> **Assignment**: Pictures stay out; everything else from the first line of the entries down through the line with "Q: Is the spacing between lines" gets copied exactly.

> **Records provided**:
_ _ _ _ _

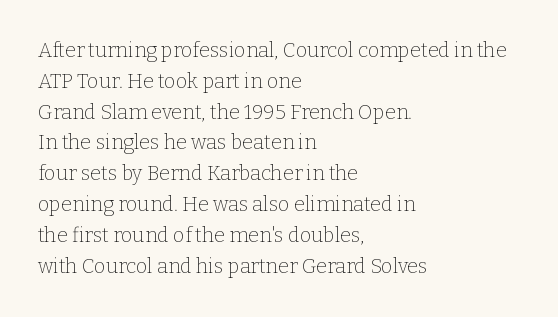
Unmarked baselines from the first word to the last. Between one letter and the next there's only the usual sliver of space. Left-aligned paragraph, ragged on the right. Compared with typical paragraphs, the rows here are spaced about the same. It's the straight-up-and-down kind of type.
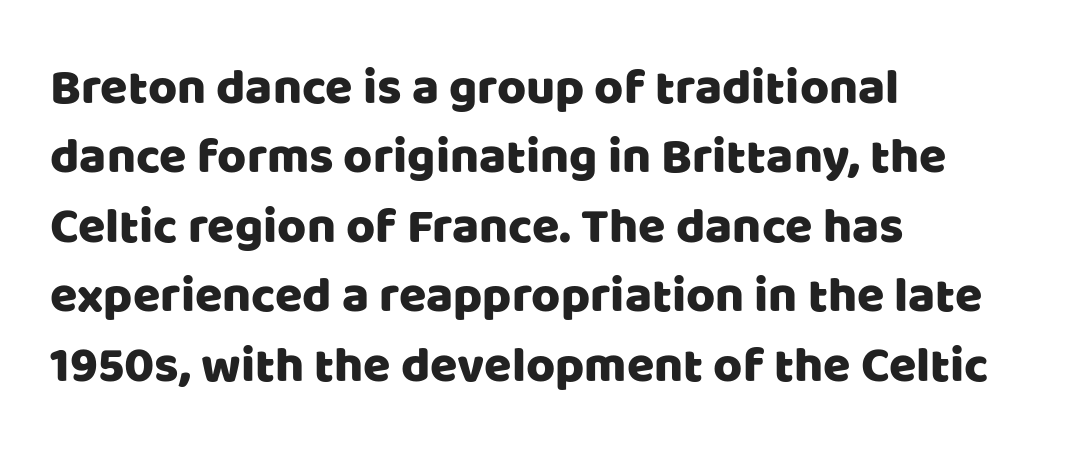
Q: Is the text italic (slanted)? A: No, it is upright.
Q: Is the typeface a serif or a sans-serif typeface? A: Sans-serif.
Q: Is the text underlined? A: No.
Q: How is the paragraph aligned? A: Left-aligned.
Q: Is the spacing between letters normal or unusually wide? A: Normal.
Q: Is the spacing between lines tight, normal or loose? A: Normal.
Q: Width (condensed, normal, or wide)? A: Normal.
Q: Stroke contrast? A: Low.
Q: x-height? A: Large.
Q: Monospaced? A: No.
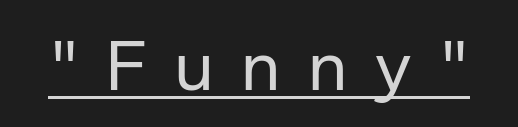
Q: Is the text bold? A: No.
Q: Is the text italic (slanted)? A: No, it is upright.
Q: Is the typeface a serif or a sans-serif typeface? A: Sans-serif.
Q: Is the text underlined? A: Yes.
Q: Is the spacing between letters normal or unusually wide? A: Unusually wide.
Q: Width (condensed, normal, or wide)? A: Normal.
Q: Stroke contrast? A: Low.
Q: x-height? A: Medium.
Q: Monospaced? A: No.
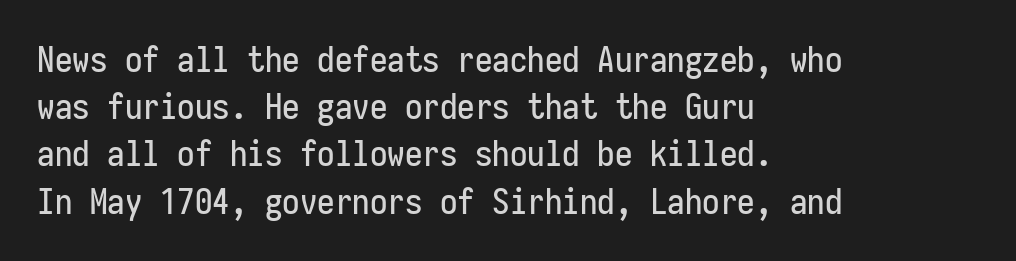
Glance below the letters and you will spot only blank space. No italicization has been applied; the sample stays upright. Monospaced: the letters line up in strict vertical columns. Serifs: no, the terminals of the letterforms are clean.
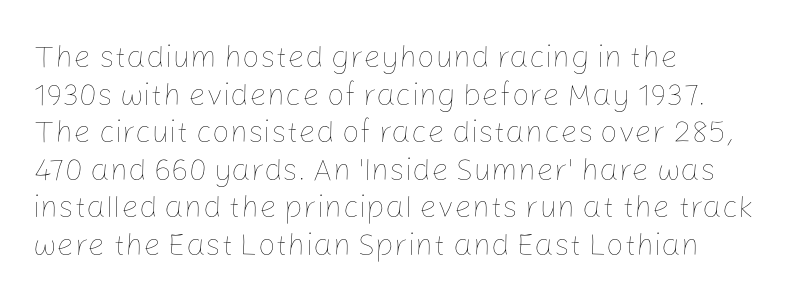
The image shows 31 px thin type, upright; set left-aligned, line spacing 1.21x, normal letter spacing, not underlined; low stroke contrast and a medium x-height.

_ _ _ _ _

> **The completed task**:
Unmarked baselines from the first word to the last. Between one letter and the next there's only the usual sliver of space. Left-aligned paragraph, ragged on the right. Compared with typical paragraphs, the rows here are spaced about the same. It's the straight-up-and-down kind of type.
Q: Is the text italic (slanted)? A: No, it is upright.
Q: Is the typeface a serif or a sans-serif typeface? A: Sans-serif.
Q: Is the text underlined? A: No.
Q: How is the paragraph aligned? A: Left-aligned.
Q: Is the spacing between letters normal or unusually wide? A: Normal.
Q: Is the spacing between lines tight, normal or loose? A: Normal.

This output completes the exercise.